ACTION ITEM> Could you set down every entry exactly as it stands, without the images?

· · · · ·

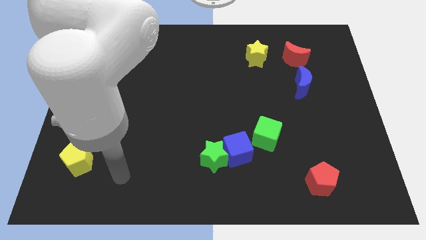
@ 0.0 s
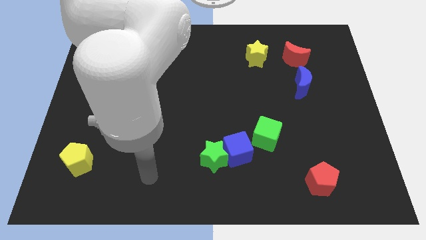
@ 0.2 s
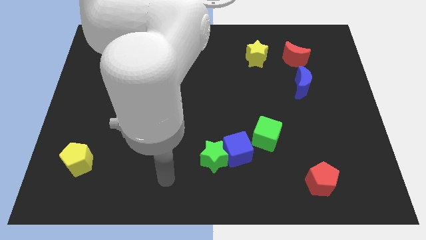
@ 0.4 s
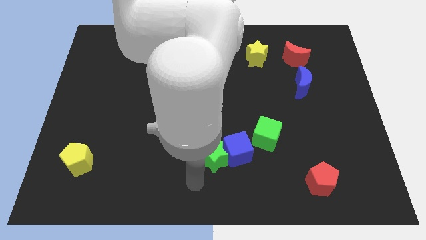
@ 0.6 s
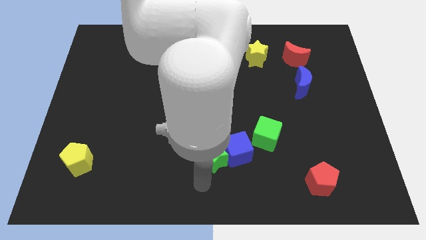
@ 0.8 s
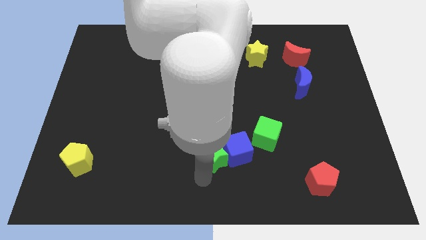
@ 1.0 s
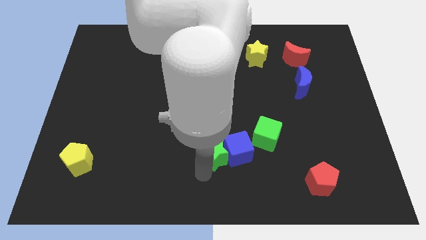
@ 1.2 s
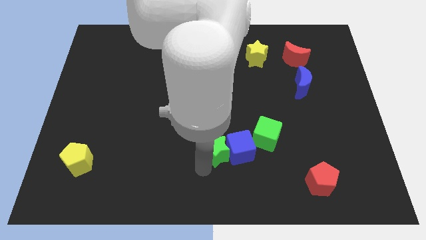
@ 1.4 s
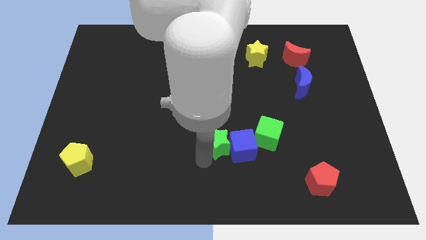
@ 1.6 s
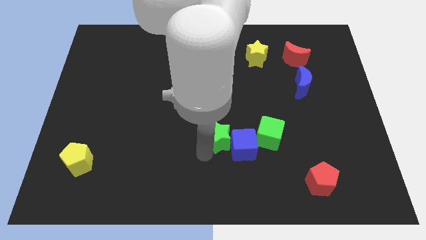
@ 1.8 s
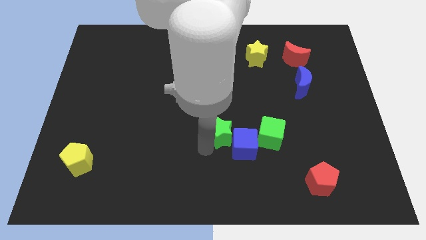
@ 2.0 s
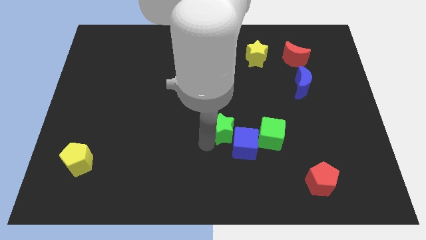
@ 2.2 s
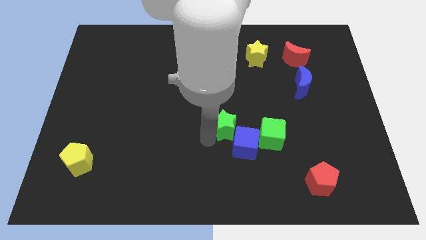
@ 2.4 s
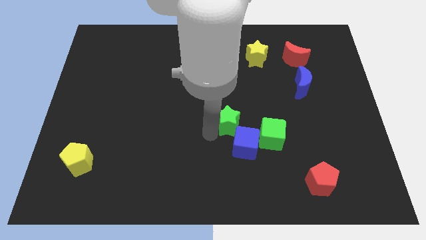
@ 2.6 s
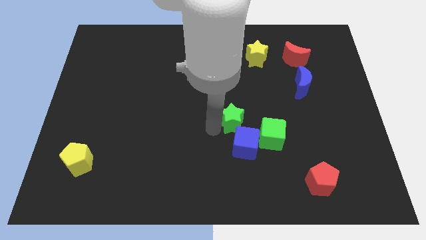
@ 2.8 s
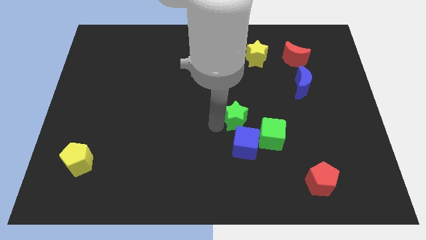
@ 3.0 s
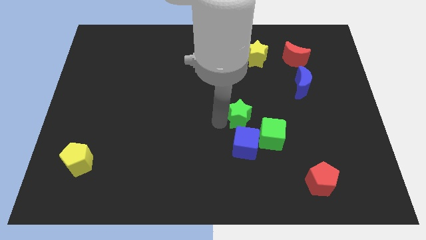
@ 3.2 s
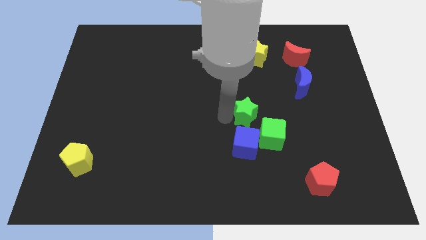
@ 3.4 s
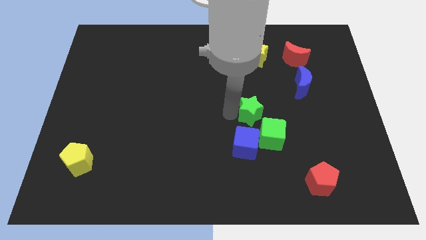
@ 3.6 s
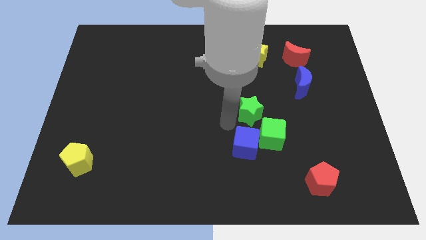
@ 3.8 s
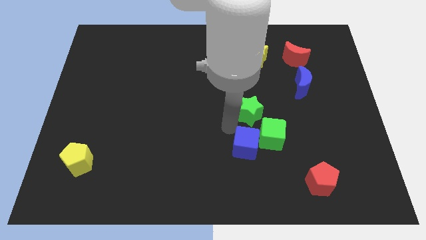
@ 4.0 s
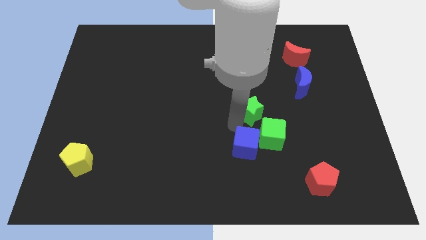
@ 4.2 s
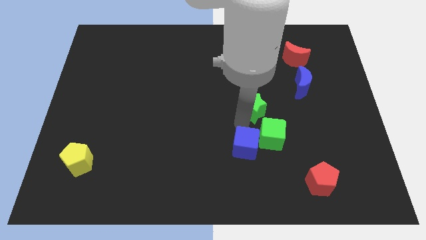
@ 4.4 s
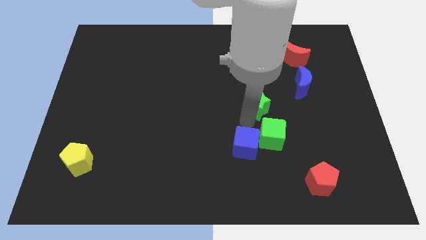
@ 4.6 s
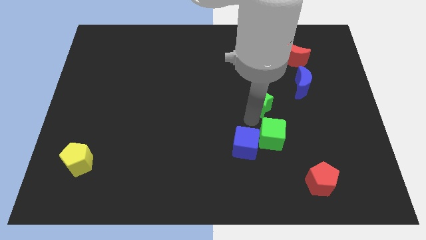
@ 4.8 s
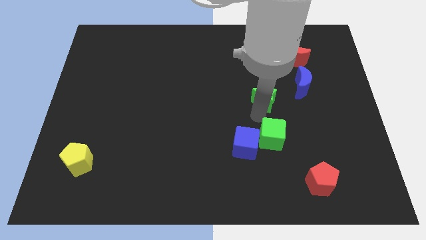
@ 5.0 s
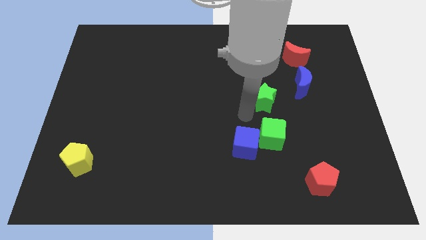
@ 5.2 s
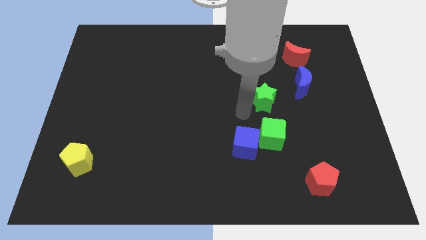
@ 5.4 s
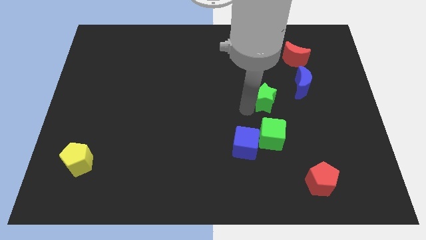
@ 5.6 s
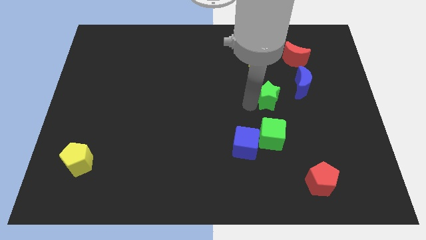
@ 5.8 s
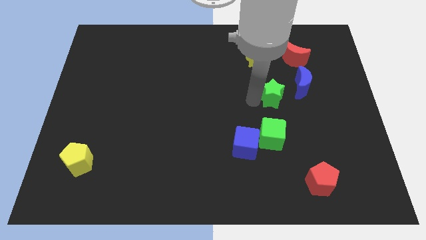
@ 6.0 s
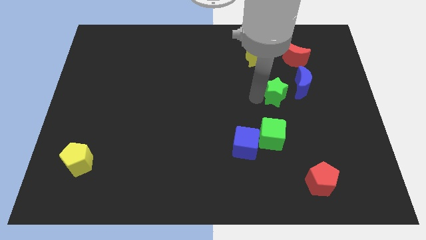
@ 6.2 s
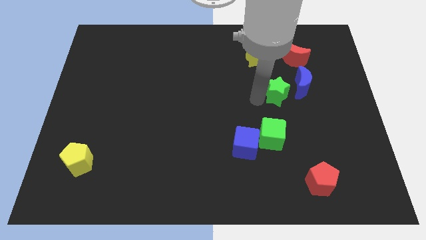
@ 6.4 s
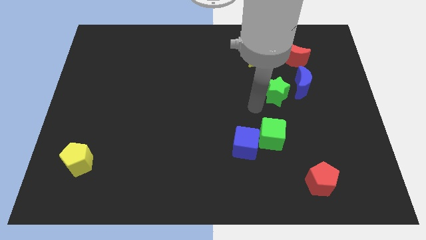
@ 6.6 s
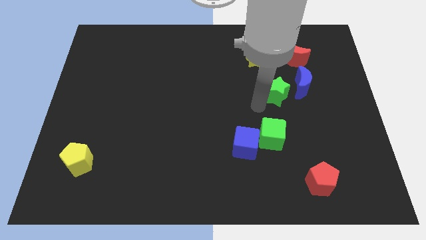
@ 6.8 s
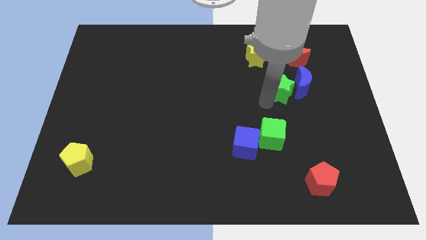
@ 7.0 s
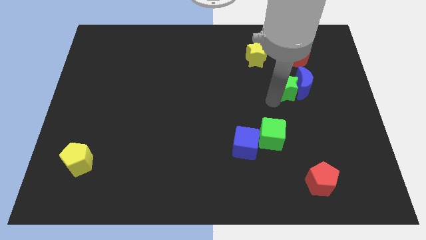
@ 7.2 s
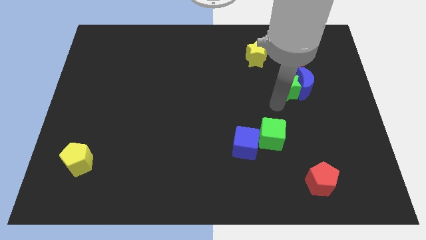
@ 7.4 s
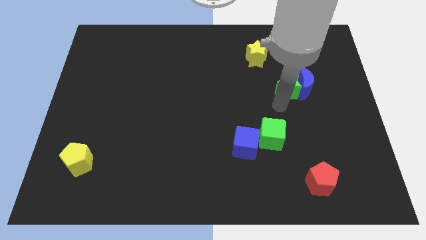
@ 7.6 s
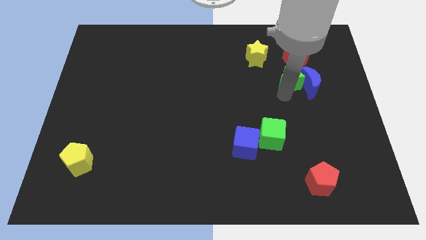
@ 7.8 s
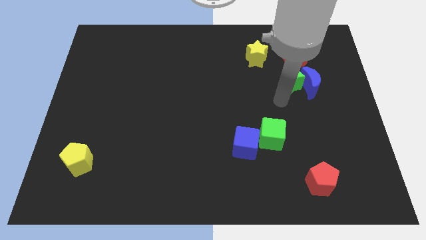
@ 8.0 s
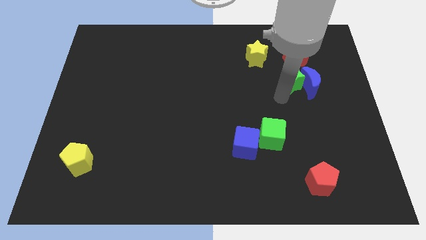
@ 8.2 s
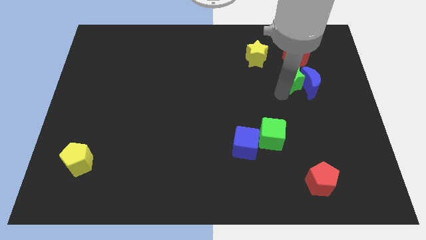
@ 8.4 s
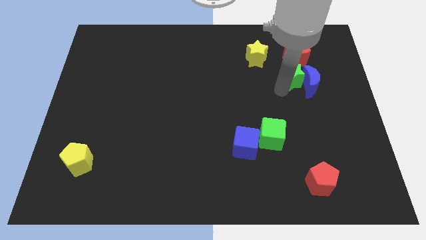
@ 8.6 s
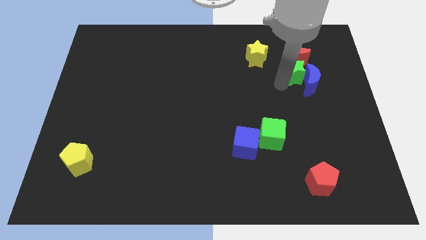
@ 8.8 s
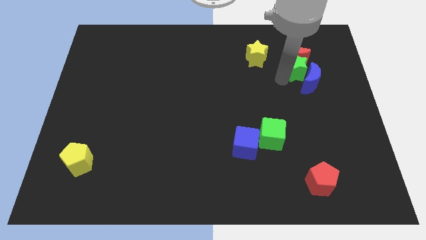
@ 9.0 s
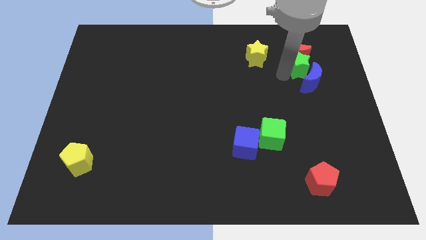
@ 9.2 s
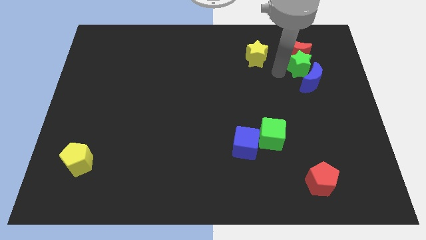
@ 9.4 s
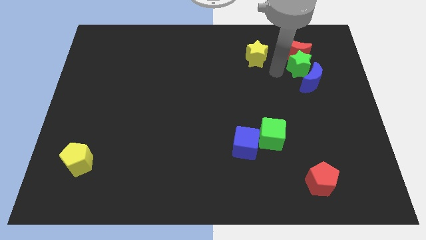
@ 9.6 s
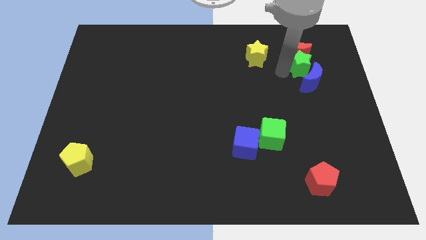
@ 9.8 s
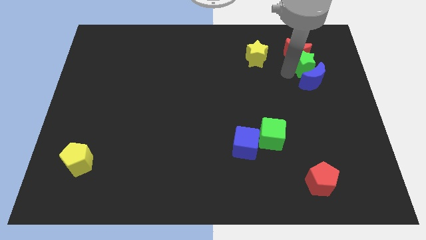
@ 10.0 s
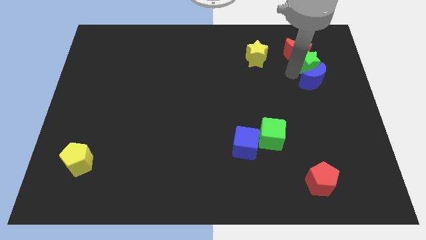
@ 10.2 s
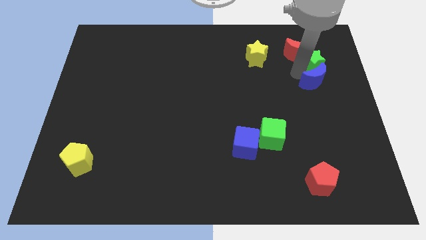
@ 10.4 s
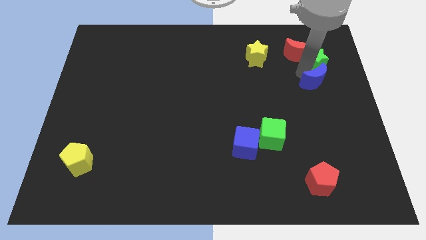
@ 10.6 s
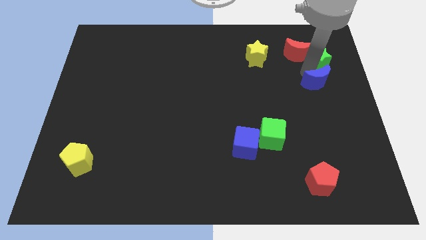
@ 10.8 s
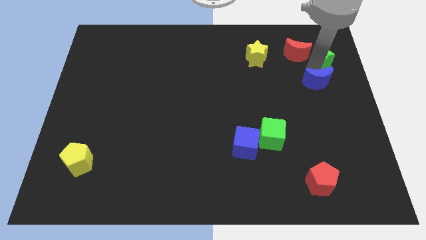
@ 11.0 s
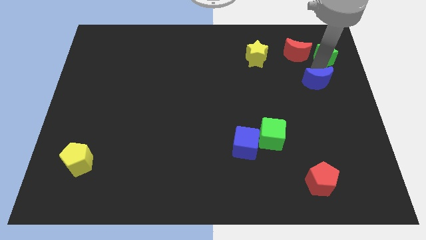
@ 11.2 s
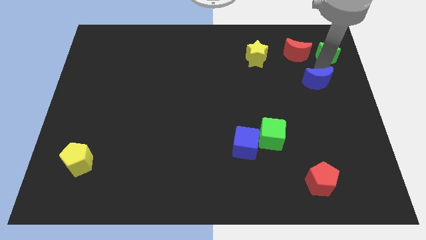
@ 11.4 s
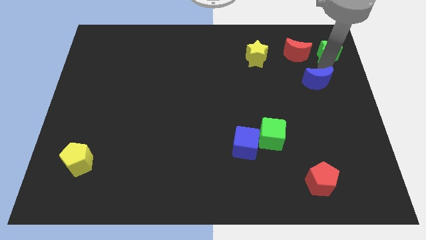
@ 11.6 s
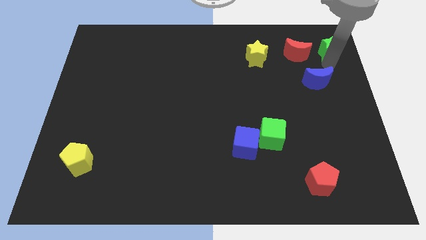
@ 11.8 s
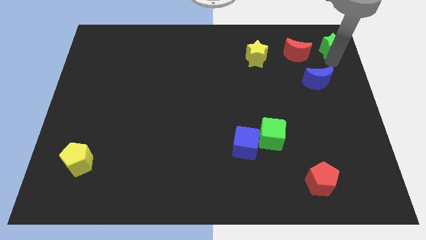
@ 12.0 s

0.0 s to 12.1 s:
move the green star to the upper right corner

· · · · ·

EXPECTED ANSWER>
@ 0.0 s
@ 0.2 s
@ 0.4 s
@ 0.6 s
@ 0.8 s
@ 1.0 s
@ 1.2 s
@ 1.4 s
@ 1.6 s
@ 1.8 s
@ 2.0 s
@ 2.2 s
@ 2.4 s
@ 2.6 s
@ 2.8 s
@ 3.0 s
@ 3.2 s
@ 3.4 s
@ 3.6 s
@ 3.8 s
@ 4.0 s
@ 4.2 s
@ 4.4 s
@ 4.6 s
@ 4.8 s
@ 5.0 s
@ 5.2 s
@ 5.4 s
@ 5.6 s
@ 5.8 s
@ 6.0 s
@ 6.2 s
@ 6.4 s
@ 6.6 s
@ 6.8 s
@ 7.0 s
@ 7.2 s
@ 7.4 s
@ 7.6 s
@ 7.8 s
@ 8.0 s
@ 8.2 s
@ 8.4 s
@ 8.6 s
@ 8.8 s
@ 9.0 s
@ 9.2 s
@ 9.4 s
@ 9.6 s
@ 9.8 s
@ 10.0 s
@ 10.2 s
@ 10.4 s
@ 10.6 s
@ 10.8 s
@ 11.0 s
@ 11.2 s
@ 11.4 s
@ 11.6 s
@ 11.8 s
@ 12.0 s

0.0 s to 12.1 s:
move the green star to the upper right corner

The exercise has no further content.